Images do not belong in the copy. Set down all the entries exactly.

----

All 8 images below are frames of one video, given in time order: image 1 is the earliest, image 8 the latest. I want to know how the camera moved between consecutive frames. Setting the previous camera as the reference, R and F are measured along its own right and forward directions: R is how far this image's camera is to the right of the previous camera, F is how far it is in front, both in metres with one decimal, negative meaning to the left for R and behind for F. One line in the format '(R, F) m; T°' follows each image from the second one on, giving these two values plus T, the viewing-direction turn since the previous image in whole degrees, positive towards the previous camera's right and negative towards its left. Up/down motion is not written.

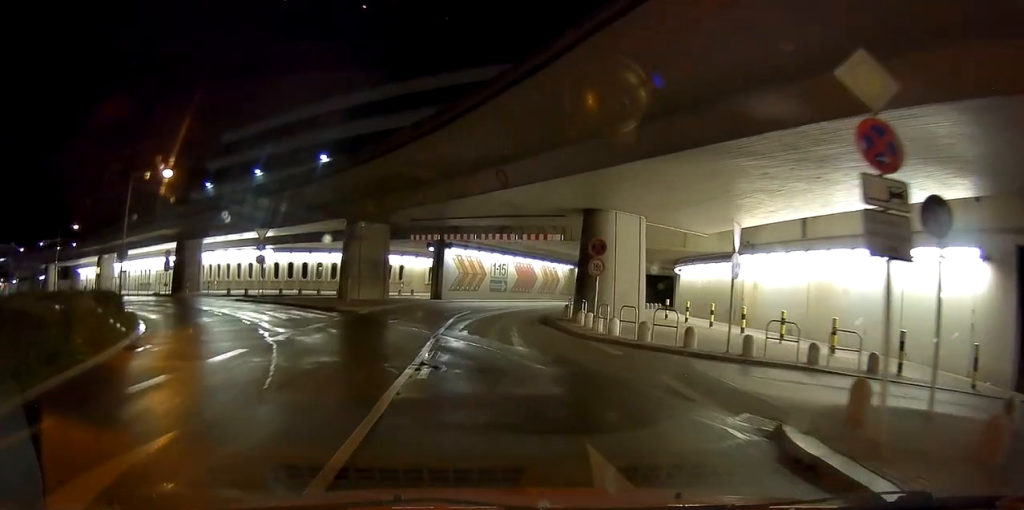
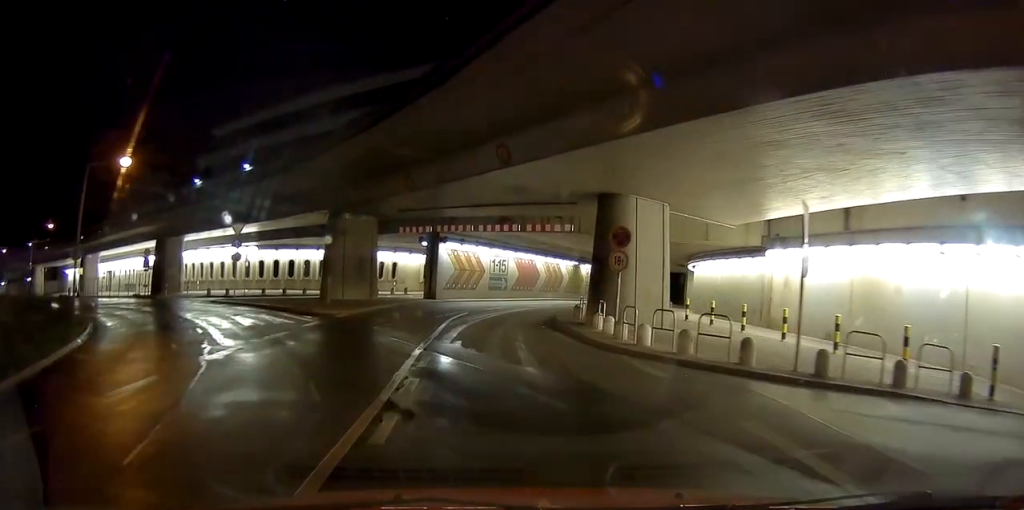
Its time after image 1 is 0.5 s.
(0.0, +3.3) m; 0°
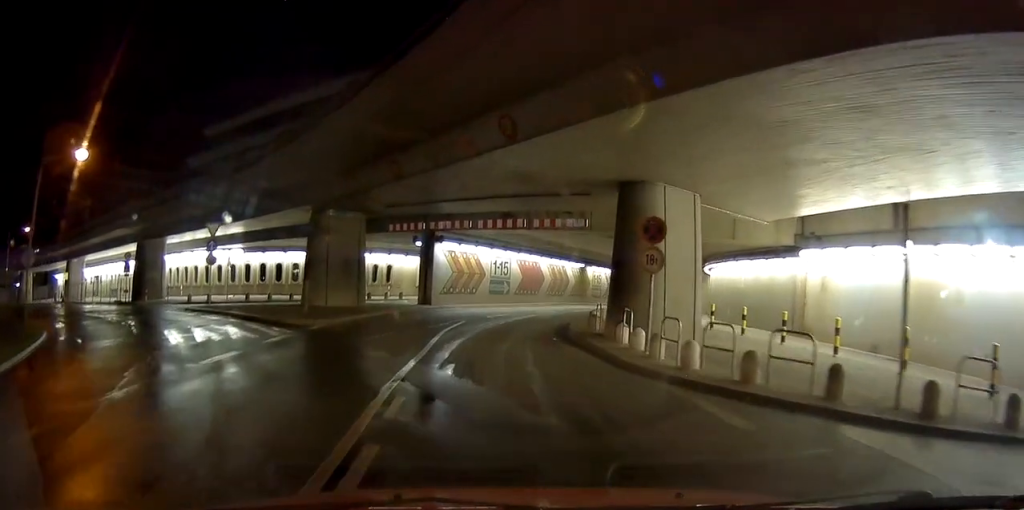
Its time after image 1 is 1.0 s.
(0.0, +3.0) m; 0°
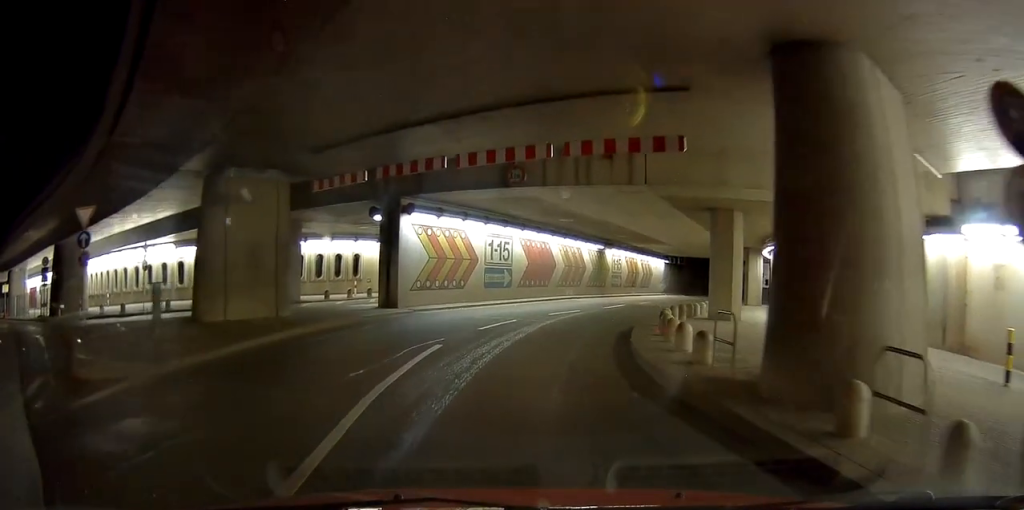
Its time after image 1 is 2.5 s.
(0.0, +9.5) m; 0°
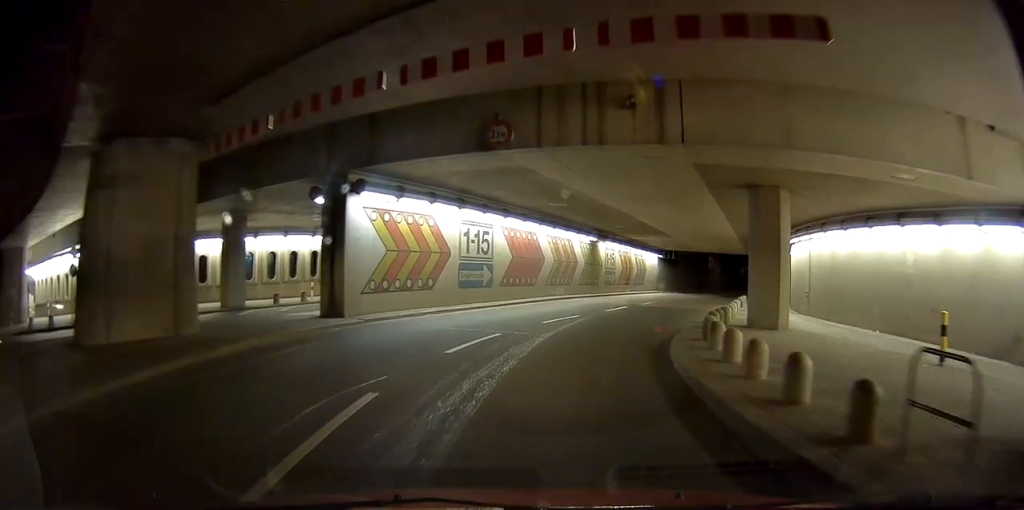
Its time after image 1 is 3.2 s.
(0.0, +4.5) m; 0°
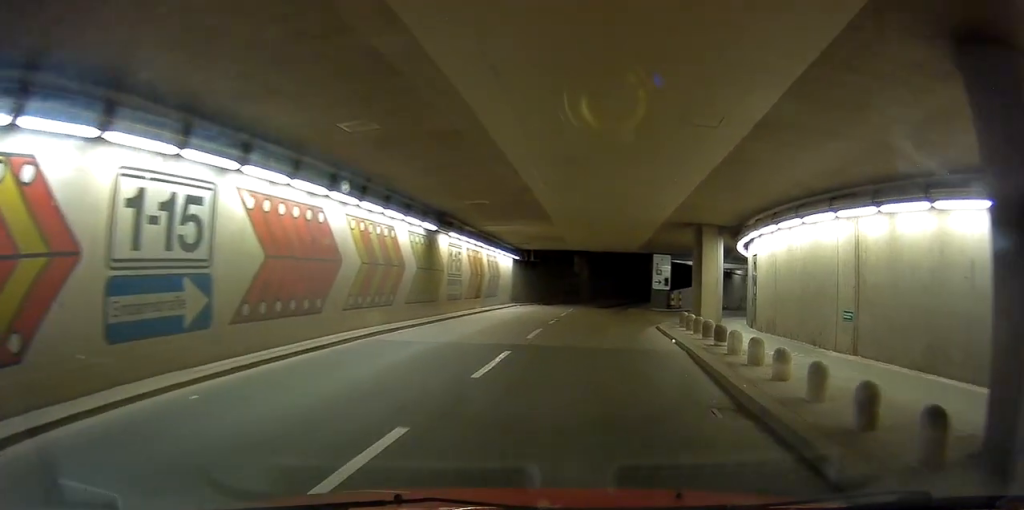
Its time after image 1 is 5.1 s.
(+0.7, +11.7) m; +8°
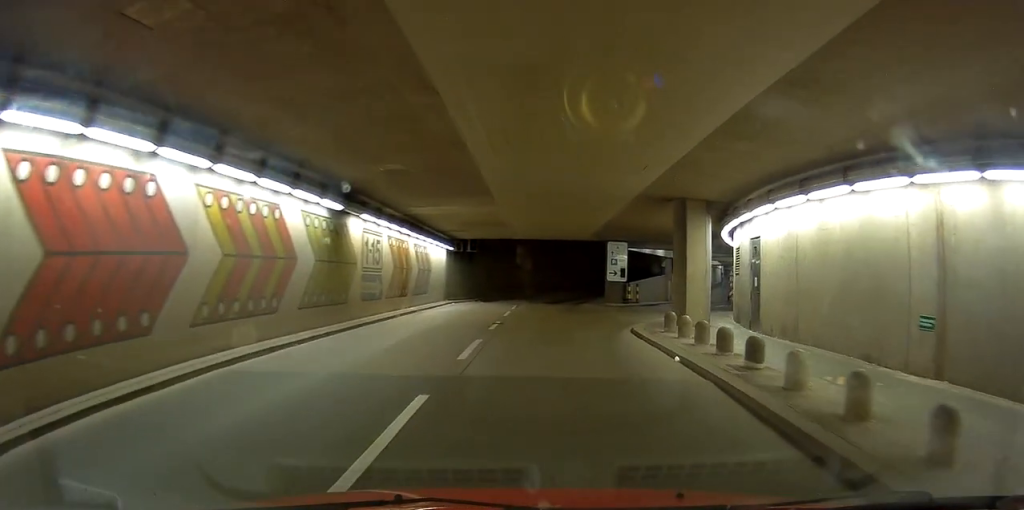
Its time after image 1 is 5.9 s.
(+0.1, +4.4) m; +1°
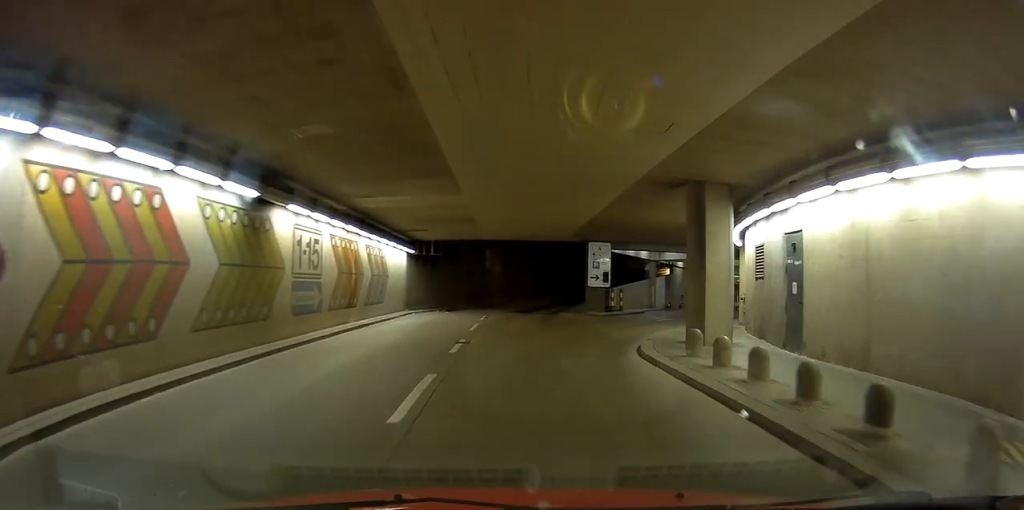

----

ANSWER TO THIS PROBLEM:
All 8 images below are frames of one video, given in time order: image 1 is the earliest, image 8 the latest. I want to know how the camera moved between consecutive frames. Setting the previous camera as the reference, R and F are measured along its own right and forward directions: R is how far this image's camera is to the right of the previous camera, F is how far it is in front, both in metres with one decimal, negative meaning to the left for R and behind for F. One line in the format '(R, F) m; T°' follows each image from the second one on, giving these two values plus T, the viewing-direction turn since the previous image in whole degrees, positive towards the previous camera's right and negative towards its left. Up/down motion is not written.

Its time after image 1 is 0.5 s.
(0.0, +3.3) m; 0°
Its time after image 1 is 1.0 s.
(0.0, +3.0) m; 0°
Its time after image 1 is 2.5 s.
(0.0, +9.5) m; 0°
Its time after image 1 is 3.2 s.
(0.0, +4.5) m; 0°
Its time after image 1 is 5.1 s.
(+0.7, +11.7) m; +8°
Its time after image 1 is 5.9 s.
(+0.1, +4.4) m; +1°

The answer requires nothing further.